In the past, so-called” scavengers “or” excrement collectors ” sold excrement from cesspools to farmers around London. During the wars with Spain in the XVII century, nitrogen, which was extracted from household waste and excrement, was used in the production of gunpowder. However, as London grew and farms moved to remote areas, this recycling practice became ineffective. In addition, paradoxically, the new type of toilet further aggravated the situation. Instead of storing excrement in a cesspool (the old way), the new “water closets” (“flush latrines”) flushed it away with a jet of water. However, the city did not have the necessary equipment for wastewater treatment, so sewage fell directly into its main waterway.

“Now the Thames has become a great cesspool, instead of every man having his own pit,” lamented an eyewitness in 1840. Worst of all, this river was tidal. Depending on the position of the moon there were tides, and sometimes the water in the river just stood still. London bathed again and again in its own filth.

This situation reached a critical point in July 1858, when an event later called the “great stench of London”occurred. The Thames has become so putrid (in the words of sanitary reform author Michael Faraday, it has become a “fermenting gutter”) that it is impossible to convene a Parliament in a newly renovated building on the river Bank.

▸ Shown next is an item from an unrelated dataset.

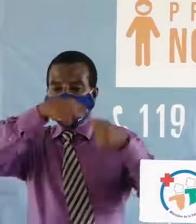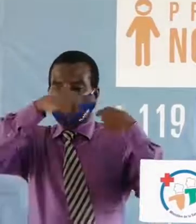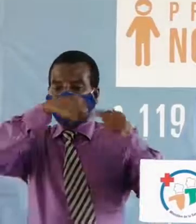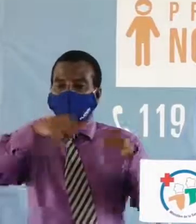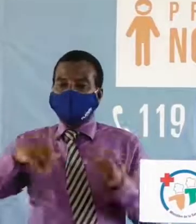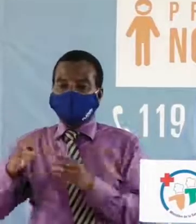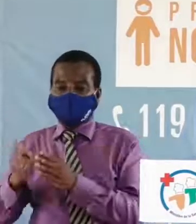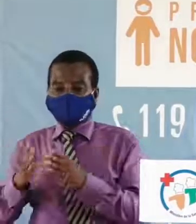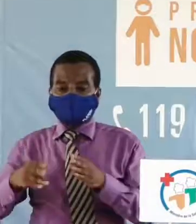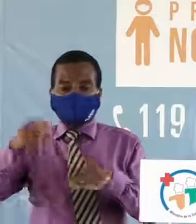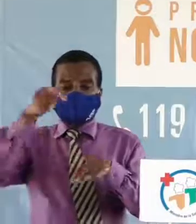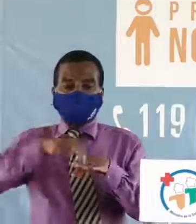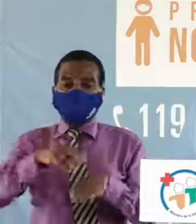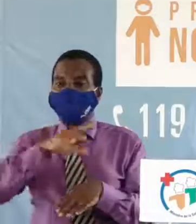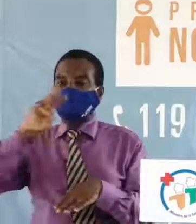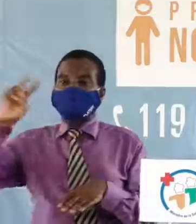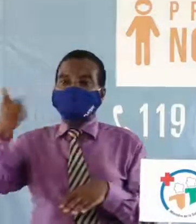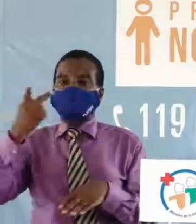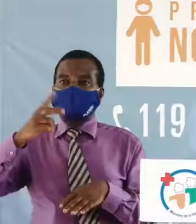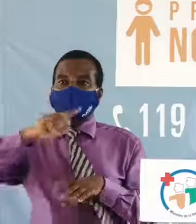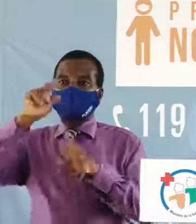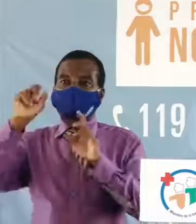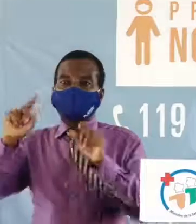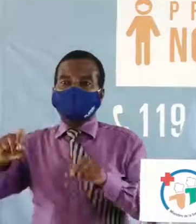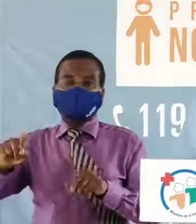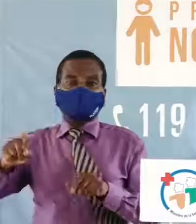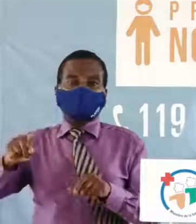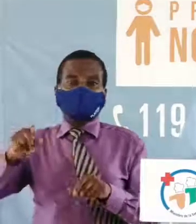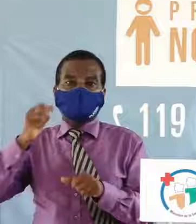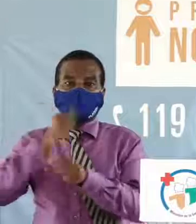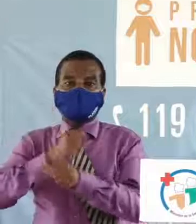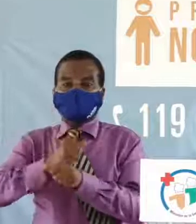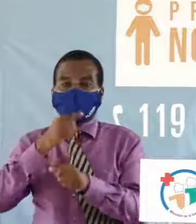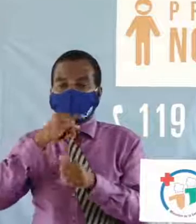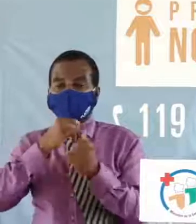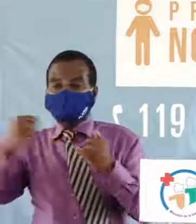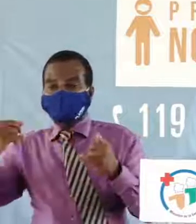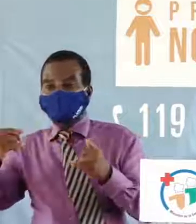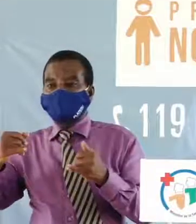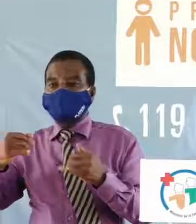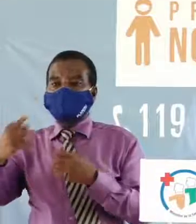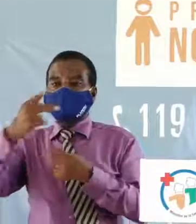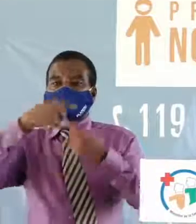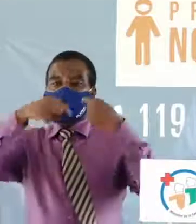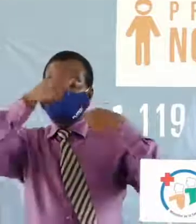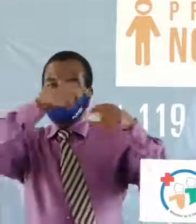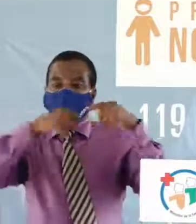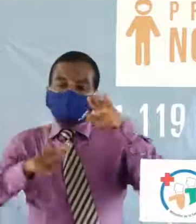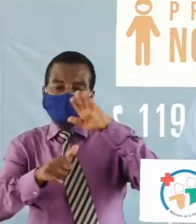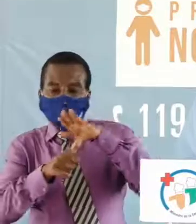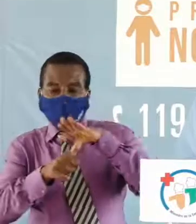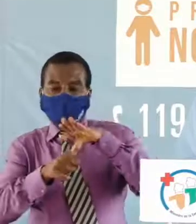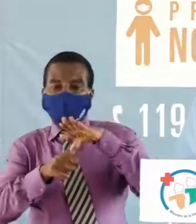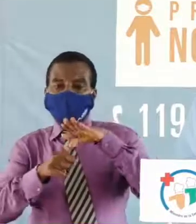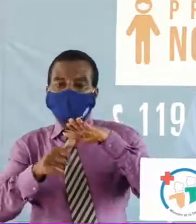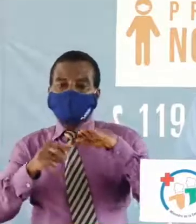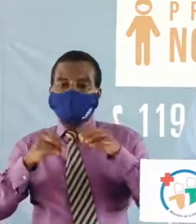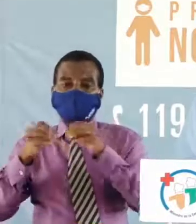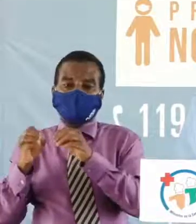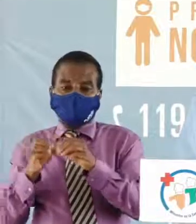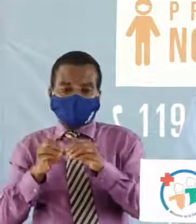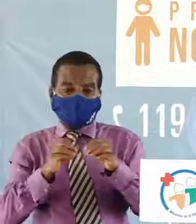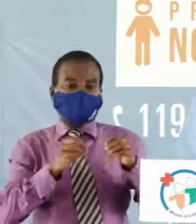question c'est donc les abidjan isolé et des voyages clandestins s

“The stench of great power has forced Parliament to legislate on the intolerable situation in London… we are heartily glad of it,” the Times wrote in June 1858. Finally, the ruling classes began to address what today we would call a health disaster. They were motivated not by altruism but by a well-founded concern that the industrial revolution would come to naught, drowning in its own filth. After all, how can workers work if they get sick and die?

Started serious health reform. London hired the engineer Joseph Bazalgette for designing sewage system, which would transfer the city’s waste water to a safe distance downstream. Three decades later, the Thames was a very different waterway: according to historian Stephen holiday, it became “the cleanest urban river in the world, which is still”.